The model was based on the FEM and built in Ansys, and showed satisfactory results when compared with experiments. In addition, two stages of simplification were conducted to reduce the computational time required for the calculations.
Although the nonlinear effect of the connection considered in the model included the effect of large deformations and the kinematic hardening of the material, the pinching effect due to bolt slip was not included. Nonetheless, the nonlinearity caused by this effect was accounted for in a practical way by a fitting coefficient. This approach led to good agreement with the experimental results in the nonlinear range. In addition, the nonlinear effect of the connection was captured with good results in terms of the location of the plastic hinging and the plasticization mechanism.
It was also observed that the approximate envelope of the hysteretic curves provided by the monotonic test was verified as stated by FEMA 355D [
13]. Moreover, a good correlation was observed, especially between the angular rotation from 0.04 to 0.07 rad, where the agreement was within 1%. In addition, the monotonic analysis provided a good estimate for the plasticization mechanism and the location of the plastic hinge. This was also the case after the model simplifications conducted in the first and second stages.
Regarding the reductions in the computational time, it was observed that the use of the monotonic test instead of cyclic loading decreased the time spent to reach a solution by 21 times. The first- and second-stage simplifications decreased the computational time 56-fold with respect to the original model. Finally, if the monotonic test is used along with the simplifications conducted in the first and second stages, the time reduction is 84-fold.
A parametric study was carried out with the numerical model including all the simplifications. In this study, four European type I profiles were analyzed using the monotonic test and the two model simplification stages. To select these profiles, the possible steel sections with the greatest possibility of meeting drifts or lateral displacement in frames with special energy dissipation capacity for medium- and low-rise buildings were considered. The results show that for all the configurations, the resistance moment was greater than the limit that must be reached to determine its applicability in special energy dissipation systems. Thus, all the connections satisfy the qualification requirements of AISC 358 to be used in SMFs with special energy dissipation capacity. In addition, the plastic hinging location is out of the diaphragm zone.

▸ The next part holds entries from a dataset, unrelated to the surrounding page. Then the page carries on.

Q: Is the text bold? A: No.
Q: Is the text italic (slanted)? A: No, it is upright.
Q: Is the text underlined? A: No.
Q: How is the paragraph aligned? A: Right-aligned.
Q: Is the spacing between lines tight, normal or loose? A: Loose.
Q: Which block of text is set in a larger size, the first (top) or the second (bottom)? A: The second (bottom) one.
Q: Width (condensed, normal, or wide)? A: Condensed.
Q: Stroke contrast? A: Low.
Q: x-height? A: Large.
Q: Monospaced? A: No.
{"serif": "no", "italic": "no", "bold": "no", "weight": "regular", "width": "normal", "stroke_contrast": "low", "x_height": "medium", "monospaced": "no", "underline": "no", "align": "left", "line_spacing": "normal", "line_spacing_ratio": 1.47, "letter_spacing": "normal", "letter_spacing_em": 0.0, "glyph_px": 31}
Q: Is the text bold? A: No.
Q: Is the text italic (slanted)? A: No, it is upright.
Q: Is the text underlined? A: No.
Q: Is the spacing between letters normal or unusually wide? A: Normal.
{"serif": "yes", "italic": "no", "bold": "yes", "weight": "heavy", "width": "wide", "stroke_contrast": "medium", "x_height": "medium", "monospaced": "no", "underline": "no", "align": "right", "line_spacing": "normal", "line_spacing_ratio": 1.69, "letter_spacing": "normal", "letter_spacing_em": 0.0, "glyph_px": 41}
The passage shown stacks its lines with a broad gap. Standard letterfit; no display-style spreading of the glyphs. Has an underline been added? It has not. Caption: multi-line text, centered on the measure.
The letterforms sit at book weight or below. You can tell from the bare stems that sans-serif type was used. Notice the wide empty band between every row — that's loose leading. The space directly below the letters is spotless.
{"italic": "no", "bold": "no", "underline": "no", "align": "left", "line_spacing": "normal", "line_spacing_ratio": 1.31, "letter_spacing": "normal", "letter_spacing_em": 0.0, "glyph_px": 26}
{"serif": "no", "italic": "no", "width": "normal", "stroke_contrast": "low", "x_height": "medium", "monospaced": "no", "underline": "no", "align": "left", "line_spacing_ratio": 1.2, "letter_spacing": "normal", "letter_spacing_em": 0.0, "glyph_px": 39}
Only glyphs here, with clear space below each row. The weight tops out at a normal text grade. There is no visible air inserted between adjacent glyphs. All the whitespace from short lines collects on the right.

Subsequent studies can be oriented to increase the portfolio of the steel beam-to-concrete-filled steel tubular column connection using external diaphragms by analyzing different configurations, i.e., column sections, beam profiles, and different type of concretes suitable for seismic resistant applications. In future research, the pinching effect can be also studied in more detail. In addition, in this work, the diaphragms were connected to the column wall by using full penetration welds with 45-degree bevels. Nonetheless, it would be worth considering the effect of combining full penetration and partial penetration welds. This, since the use of partial penetration welds would considerably reduce the manufacturing time and associated costs.